Time for a more comprehensive deep-dive
Might be worth pulling apart the kill switch on the handlebar. There's a set of contacts in there that interrupts power to the coil.
If nothing else I found this missing piece when shuffling bikes around. Not sure if I will keep the current new thowout assembly in there or swap out for the original that worked just fine...
So I studied the RS wiring diagram for a while, and pulled the tank again. I figured I would check each of the eight connection points for the ignition wiring and see if there was a definitive smoking gun
What I found is that all four of the screws that hold the male wiring terminals to the coils were loose, "not flopping around loose" mind you but definitely "that screw is not tight" loose.
And there was this, this was the first one I pulled and it was the worst by far... it was the 12v supply to the coils
Cleaned it up plus the three others and reassembled, making each screw with tight, with a capital "T"
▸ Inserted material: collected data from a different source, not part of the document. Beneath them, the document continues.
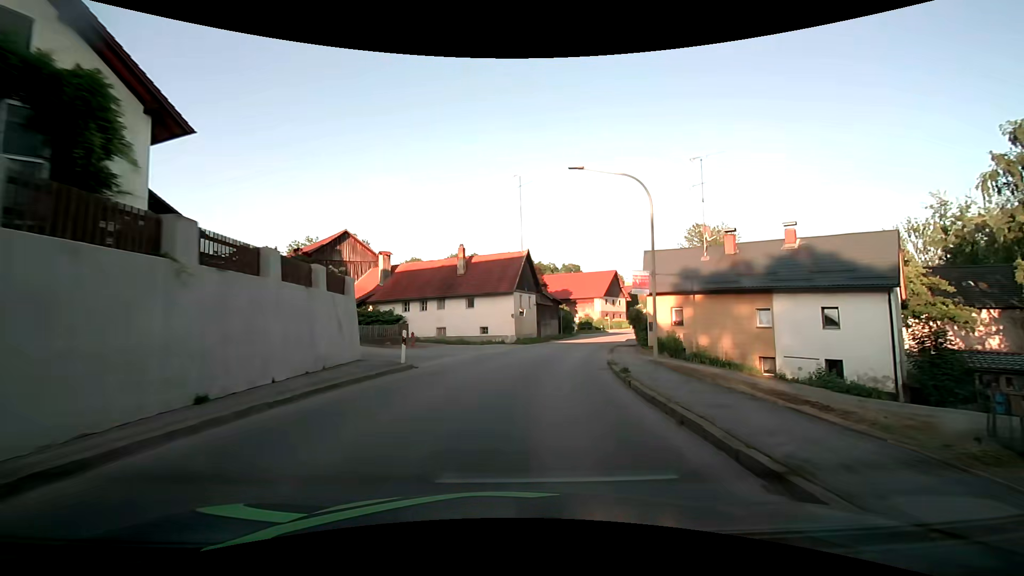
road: secondary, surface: asphalt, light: Day
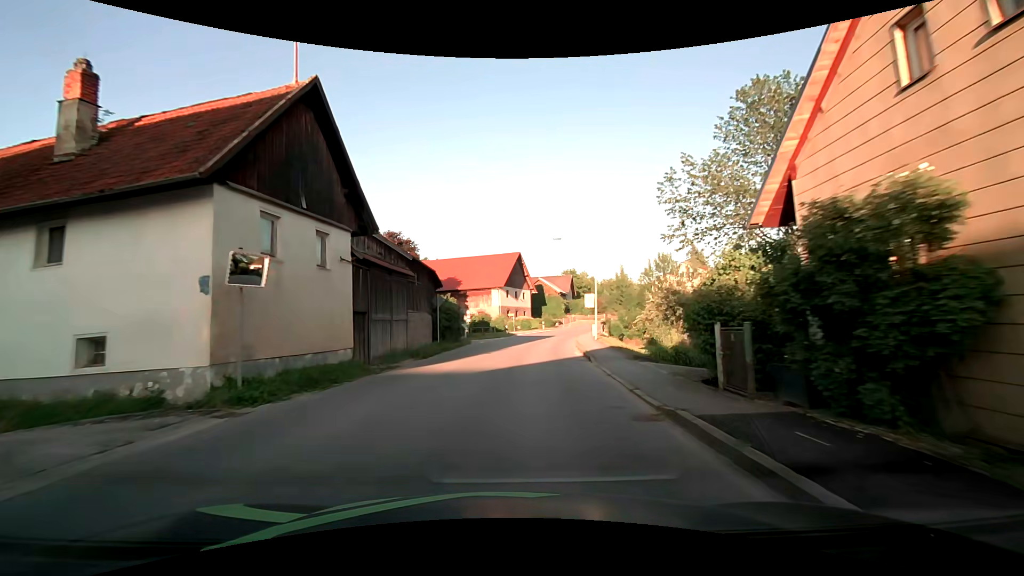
(+4.1, +30.2) m; +13°
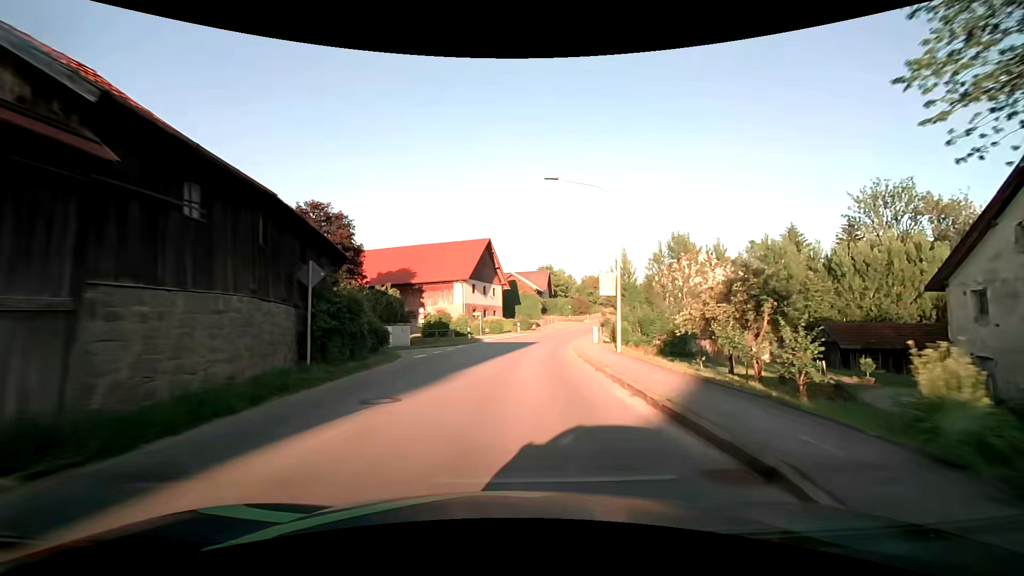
(+0.6, +15.3) m; +4°
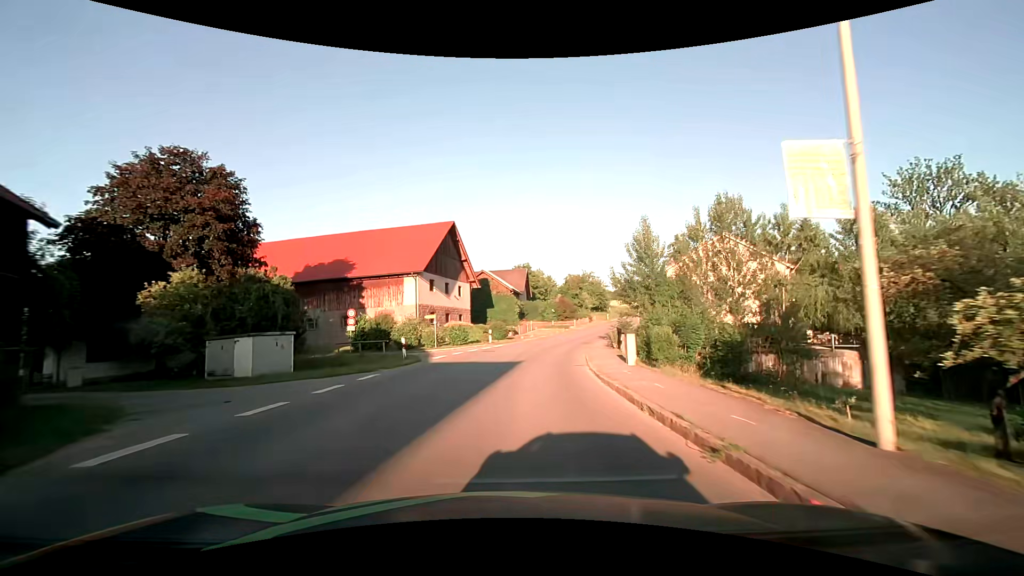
(+0.3, +15.2) m; +2°
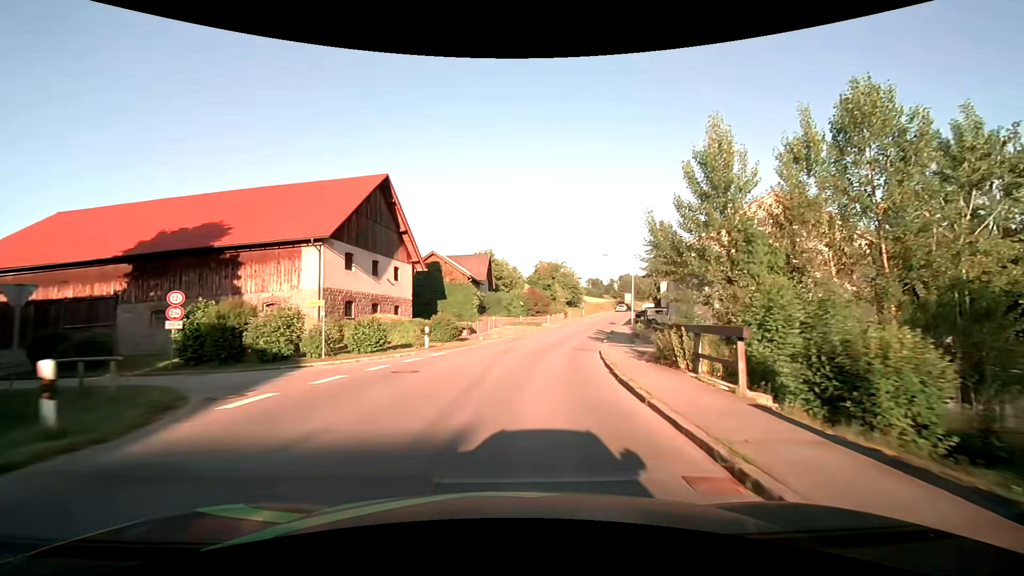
(+0.5, +15.1) m; +4°
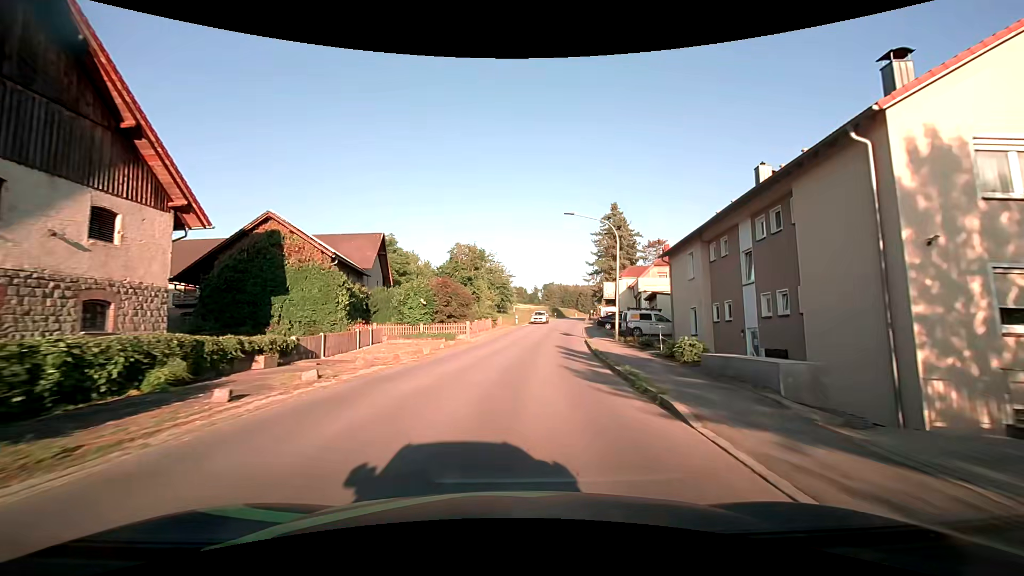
(+1.9, +22.5) m; +9°
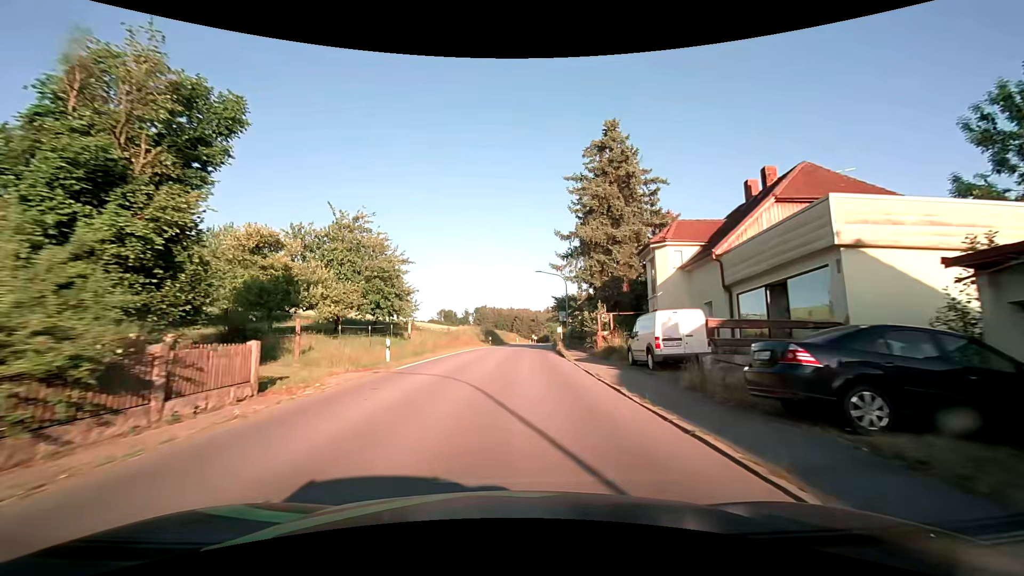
(+3.1, +37.0) m; +8°
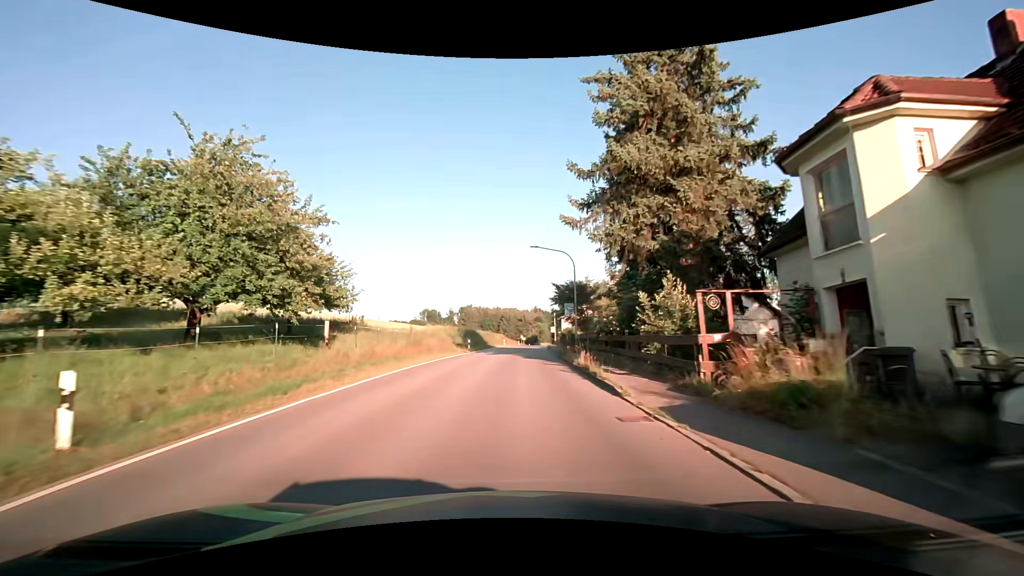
(+0.2, +14.7) m; +1°
(0, +10) (+1, +20) (+1, +30) (+2, +40) (+2, +50) (+3, +60) (+4, +70) (+5, +80) (+6, +90) (+7, +100) m

I also disconnected the three other multi-wire connections, clean the terminals and having spark (which did look stronger to my eye) reassembled the bike again.
No time to test-ride for a few days at least...
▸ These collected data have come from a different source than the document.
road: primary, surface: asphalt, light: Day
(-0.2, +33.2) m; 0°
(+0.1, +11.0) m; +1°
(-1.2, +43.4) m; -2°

No smoking gun found, but some interesting finds none the less
If you have all the parts to use the old clutch release bearing, I'd use it. I never had one of those fail, while the new-style has been a lot of trouble.
Thanks for the advice, I do have all the parts and will toss ‘em back in
Looks like those terminals would be easy to short on the coil mounting post/hardware. Other than the issue you just experienced, are you happy with the coil? I've been thinking about getting one, either the blue 0.7 Ohm or the brown 1.5 Ohm that you have.
I’ve only done about 300 miles on this RS since I both bought it and refreshed the top end, so i don’t have any real thoughts on the coil performance.
I’m also not sure how you would observe a difference between the 0.7’s and 1.5’s.
The bean can is easy to test, but you do need the front cover off and the motor turning over on the starter.
did you pull the spark plug wires out of the coils and look down the holes in the coil?
The innards of the coils are clean... do you mean looking for something else?
Heat sink paste ?
Better have fresh heat sink paste under the ignition module. Keeps it from over heating and screwing up. I redo mine yearly.